On The Geometric Method of Spinoza's Ethics
Spinoza’s Ethics is infamous for it’s utilization of Euclid’s geometric method, a compounding list of definitions, axioms, propositions, and the like as a means to elucidate the nature of God. In the context of the Ethics, the method has been accused of being a cold, mathematical reduction of the world and pointlessly complicated to the point of incomprehensibility. In this paper I will attempt to show some of Spinoza’s theoretical foundations for adopting the method, and the pedagogic power it allows for the exploration of the philosophical terrain Spinoza is interested in.
Before I can begin to divulge why I believe the geometric method is so important, it is best to explain the concept of common notions. According to Spinoza, knowledge is acquired in four ways.
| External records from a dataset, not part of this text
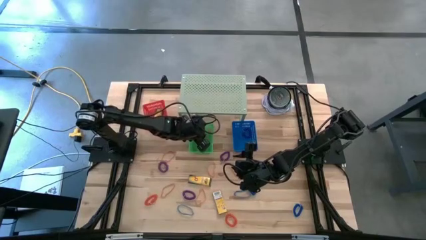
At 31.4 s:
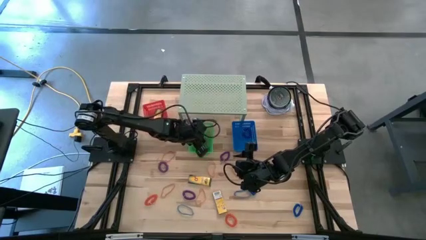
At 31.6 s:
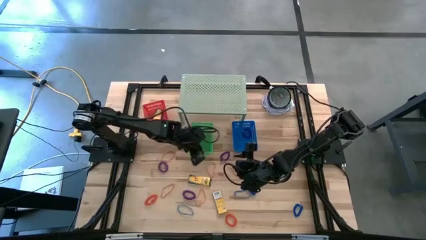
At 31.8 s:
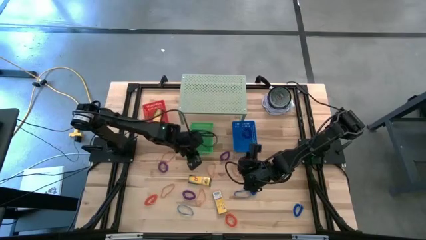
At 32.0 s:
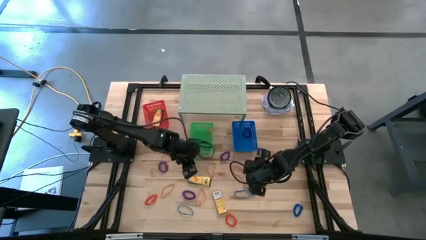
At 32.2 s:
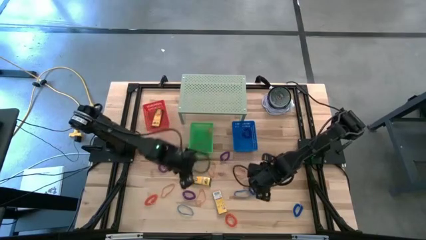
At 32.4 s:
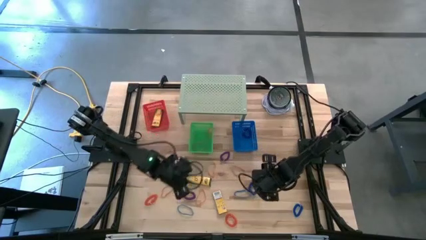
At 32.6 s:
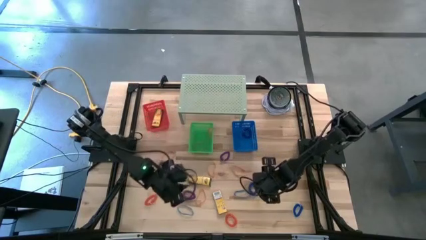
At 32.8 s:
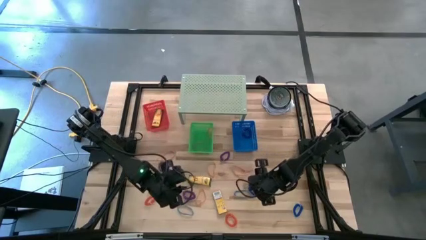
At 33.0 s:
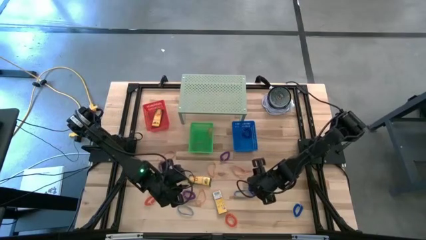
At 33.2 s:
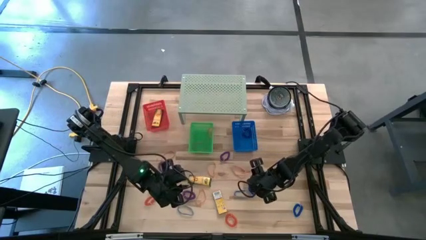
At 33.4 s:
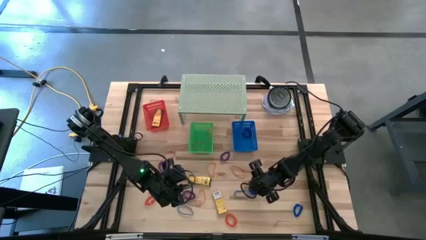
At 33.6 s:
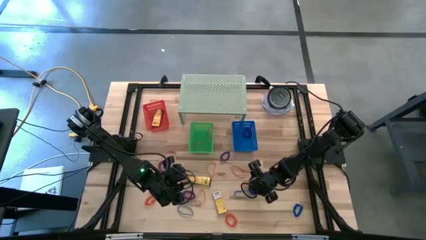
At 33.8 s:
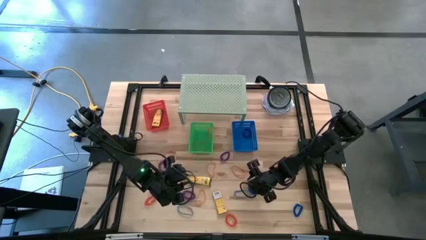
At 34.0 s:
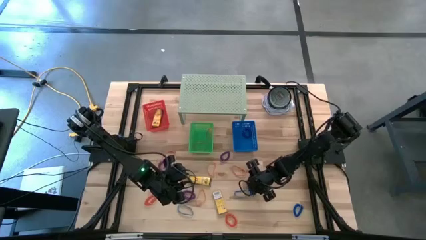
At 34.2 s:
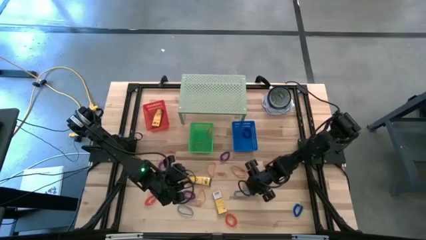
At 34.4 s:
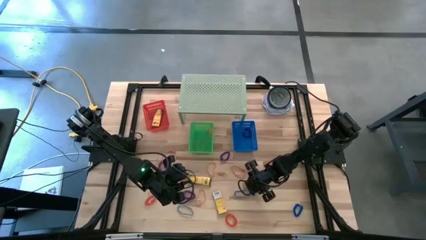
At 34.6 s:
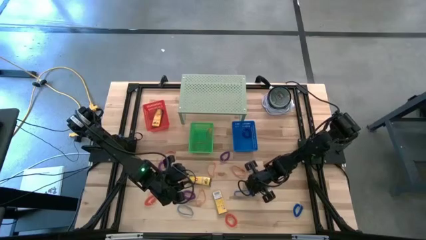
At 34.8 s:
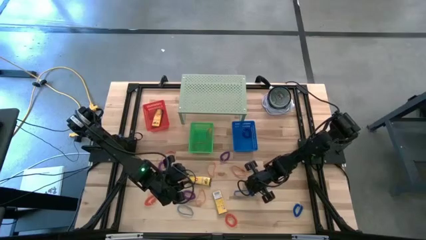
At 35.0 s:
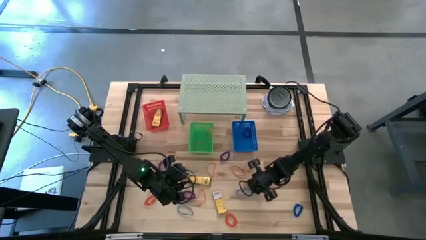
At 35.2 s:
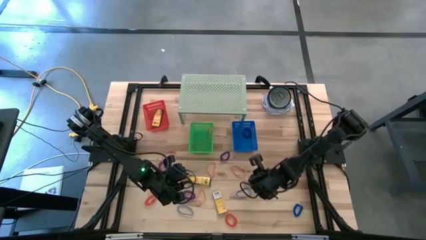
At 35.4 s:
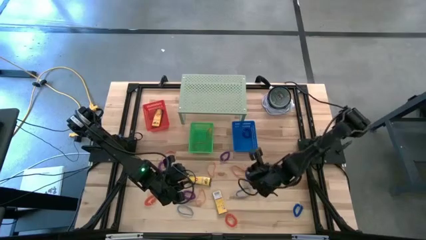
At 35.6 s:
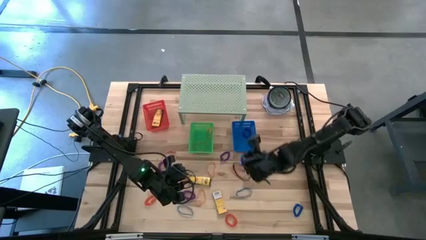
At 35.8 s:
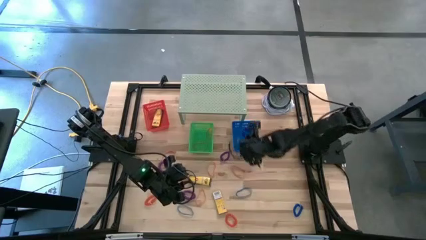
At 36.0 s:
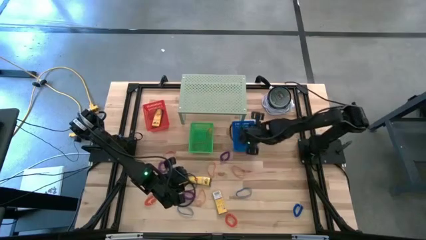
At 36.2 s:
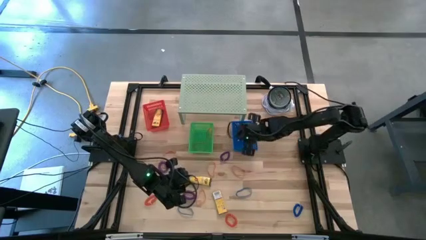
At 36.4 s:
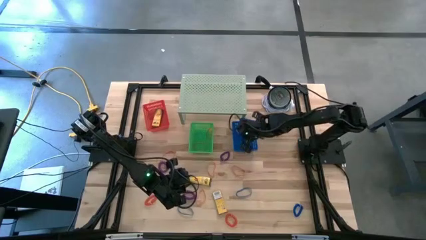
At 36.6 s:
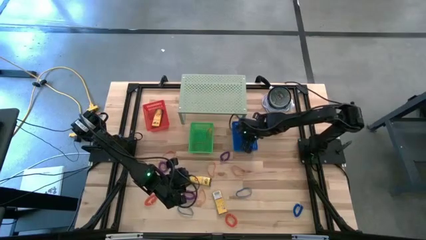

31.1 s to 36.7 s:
Task: Pick & Place Office Desk Supplies
Put the blue spring keychain into the blue bin

The first two are inadequate by definition: “knowledge from casual experience” and “knowledge from symbols”, these both being what he calls “opinion” or “imagination”. The third and only kind of knowledge we should strive for is the knowledge of “common notions and adequate ideas of the properties of things”, or “reason”. The fourth kind of knowledge is that which follows from these adequate ideas of God we gain from reason, or “intuition”1. The common notions that we are to strive to create and encounter are not common sense, but rather “something common to bodies, either to all bodies . . . or to some bodies (at least two, mine and another)”2. To have true knowledge of oneself as being a body without interactions with other bodies is impossible. Interactions between bodies that share something in common allow them to perceive that commonality adequately, which they would be unable to do by simply trying to perceive themselves. The knowledge of bodies leads to our knowledge of the ideas of our bodies and selves within the intellect, as “the idea of what is caused [in the attribute of thought] depends on the knowledge of the cause [in the attribute of extension]” and as such “the order and connection of ideas is the same as the order and connections of things”3. Put more simply, when one body interacts with other bodies, it gives them the idea of this interaction and with it an understanding of the commonalities between these bodies. For Spinoza, this is the entire basis of reason.
1 Spinoza, Baruch, and Michael L. Morgan. Spinoza: Complete Works. Hackett, 2002, pp. 267.
2 Deleuze, Gilles. Spinoza: Practical Philosophy. City Light Books, 1988, pp. 54.
3 Spinoza, Baruch, and Michael L. Morgan. Spinoza: Complete Works. Hackett, 2002, pp. 247.
4 Deleuze, Gilles. Spinoza: Practical Philosophy. City Light Books, 1988, pp. 54.